How to transfer a binary tree (not a balanced tree) across two different systems efficiently, retaining its complete structure?
The obvious way would be to convert your binary tree to an array of nodes, replacing each pointer in the original tree with an index to a node in the array. You can then transmit that array, and on the other end reconstruct a tree with identical structure.
This structure given below
[x]
/ \
[L] [R]
\
[P]
can be translated easily into
(X,(L,-,(P,-,-)),(R,-,-))
Also, read a post by Eric Lippert.
NOTE: I feel, similar thing should work for arbitrary trees.
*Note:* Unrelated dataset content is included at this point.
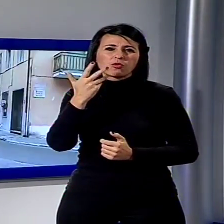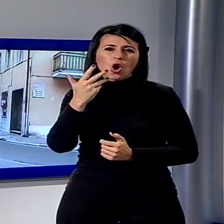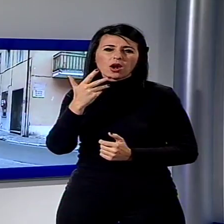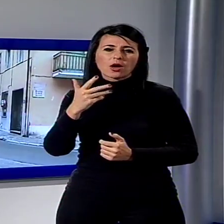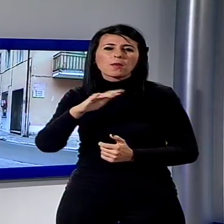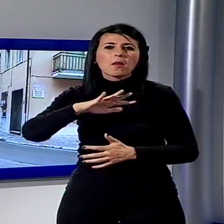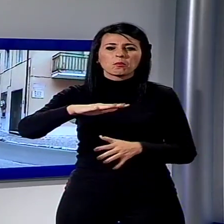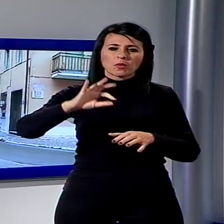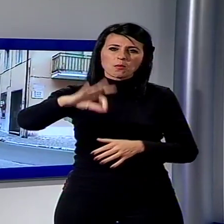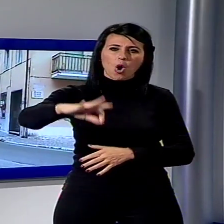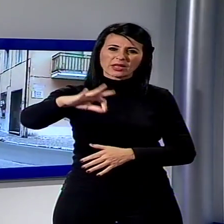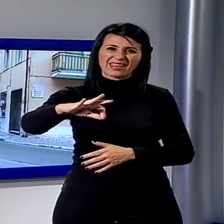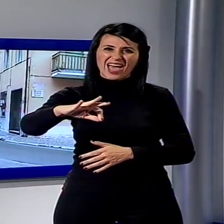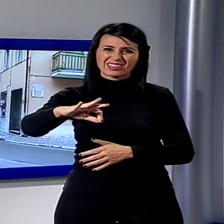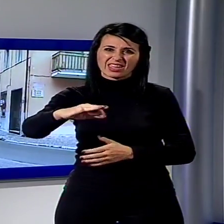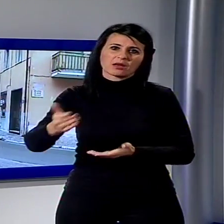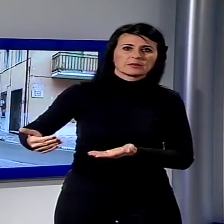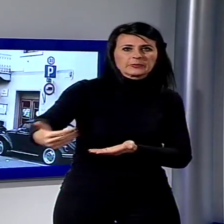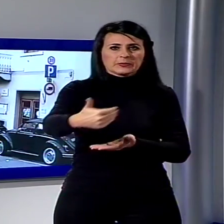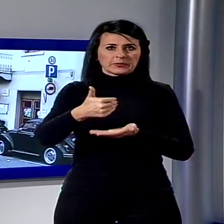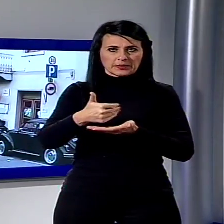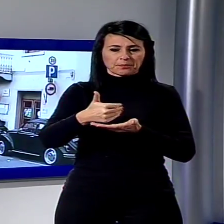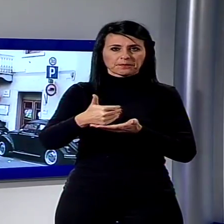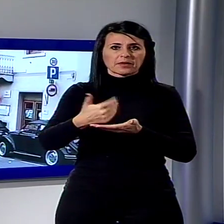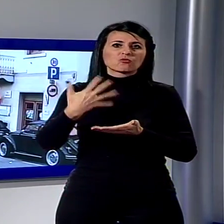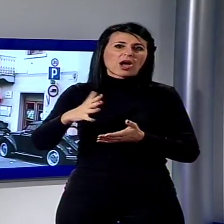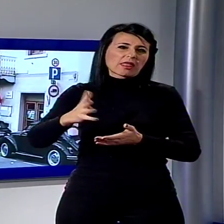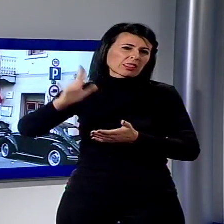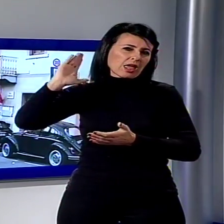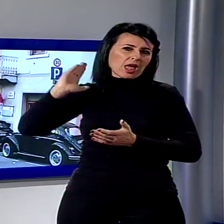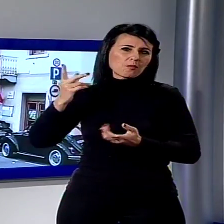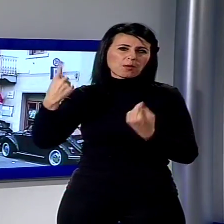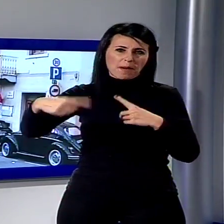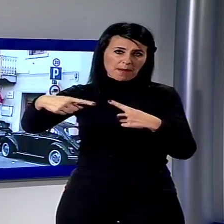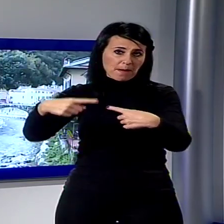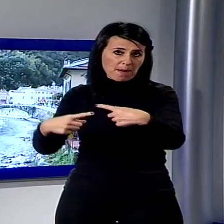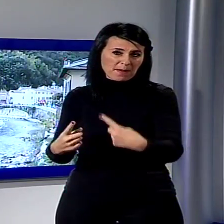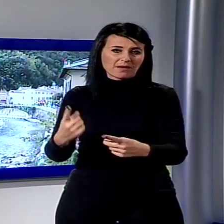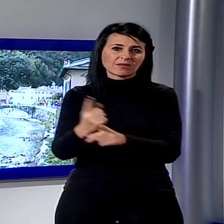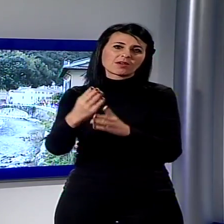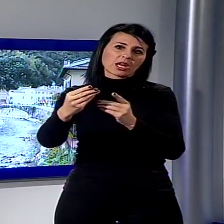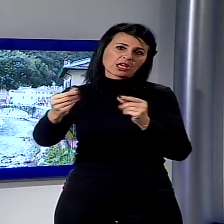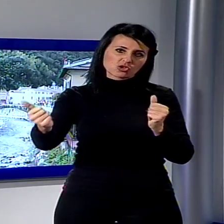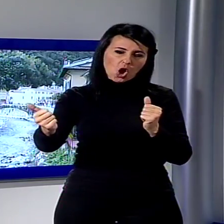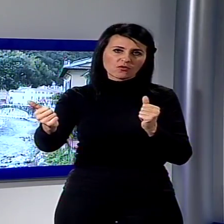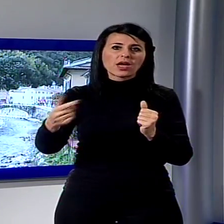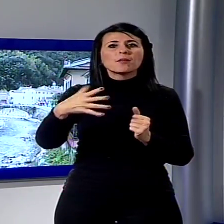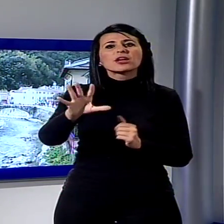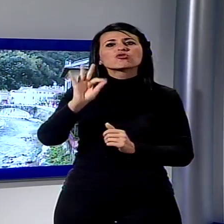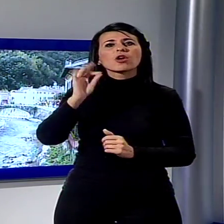moderati, superando le divisioni del passato e condividendo un percorso che porta in tempi brevi ad un candidato da contrapporre a

Any comments?
Define serialization functions.
void serialize( FILE *f, my_tree *node, _Bool is_root ) {
if ( node == NULL ) {
fputc( no_child, f );
return;
}
if ( ! is_root ) fputc( data_prefix, f );
write_data( f, node->data );
fputc( data_terminator, f );
write_data( node->left_child );
write_data( node->right_child );
}
void deserialize_node( FILE *f, my_tree *node ) {
node->data = read_data_field( f );
if ( fgetc( f ) != no_child ) {
node->left_child = calloc( 1, sizeof( my_tree ) );
deserialize( f, node->left_child, false );
}
if ( fgetc( f ) != no_child ) {
node->right_child = calloc( 1, sizeof( my_tree ) );
deserialize( f, node->right_child, false );
}
}
Come to think of it, this simple scheme (where data_terminator
and no_child
must be single characters) allows both data_terminator
and no_child
to be equal.
The main issue with this is that you have to replace pointers or references from your in memory representation with something else that can be used to unambiguously represent the node that was pointed to.
foo
/ \
cat zebra
\
dog
One way to do this is to exchange the pointers for keys -- more like an array index than a proper pointer.
1 2 "foo"
3 _ "cat"
_ _ "zebra"
_ _ "dog"
In this representation the first field is the line number (counting starts at 0, which is the root node) of the left child, the second field is the right child, and the third field is the value. The tree is ordered alphabetically. This seems simple, but can be difficult to actually do.
A similar approach would put the key in each entry rather than rely on position. This method could use the original pointers as the keys and the read-in code would have to build a translation/symbol table to switch between the keys and new pointers.
Another way to go about this is with a lisp-esque tree: (foo (cat () (dog () ()) (zebra () () ))
Formatted for easy viewing:
(foo
(cat
()
(dog
()
()
)
)
(zebra
()
()
)
)
This can be easily generated by a simple in order traversal. It can also be read in with a very simple recursive decent parser. You can also alter this to decrease the sizes of leaf nodes in the serialized format by omitting the nil
or ()
or whatever you chose for NULL pointers.
Another method, which is similar to the first, is to store all of tree in one chunk of memory that can be dumped to and read back from disk. The pointers in this would be relative to the beginning of this memory chunk, rather than absolute pointers. This would be a fast way for two programs on the same type of machine (using the same CPU memory width) to share trees (or other graphs), but is likely to be difficult to implement.
The lisp-esqe version of this is super easy to implement, but does not easily extend to things that aren't trees, where there could be a cyclic reference or more than one parent for a particular node, though it can be done. It also does not easily extend to handle storing more than one structure in a particular file.
The line positional index version works for most types of graphs, but storing more than one structure in a particular file would need to alter this format somewhat.
No matter what you choose you will need to make sure you can handle all values that could be present as node data. For instance if the node data could contain a "
, )
, or \n
then it might cause problems in some of the formats I've show, and those characters would need to be escaped. You could prefix fields with their length or use constant structure layout to account for this, though.
You will also need to make sure that any binary fields are stored in an endian consistent manner if you plan on sharing data between different machine types. You will also want this data to have consistent size (use stdint.h types rather than int and long) and a canonical representation for things like floating point numbers.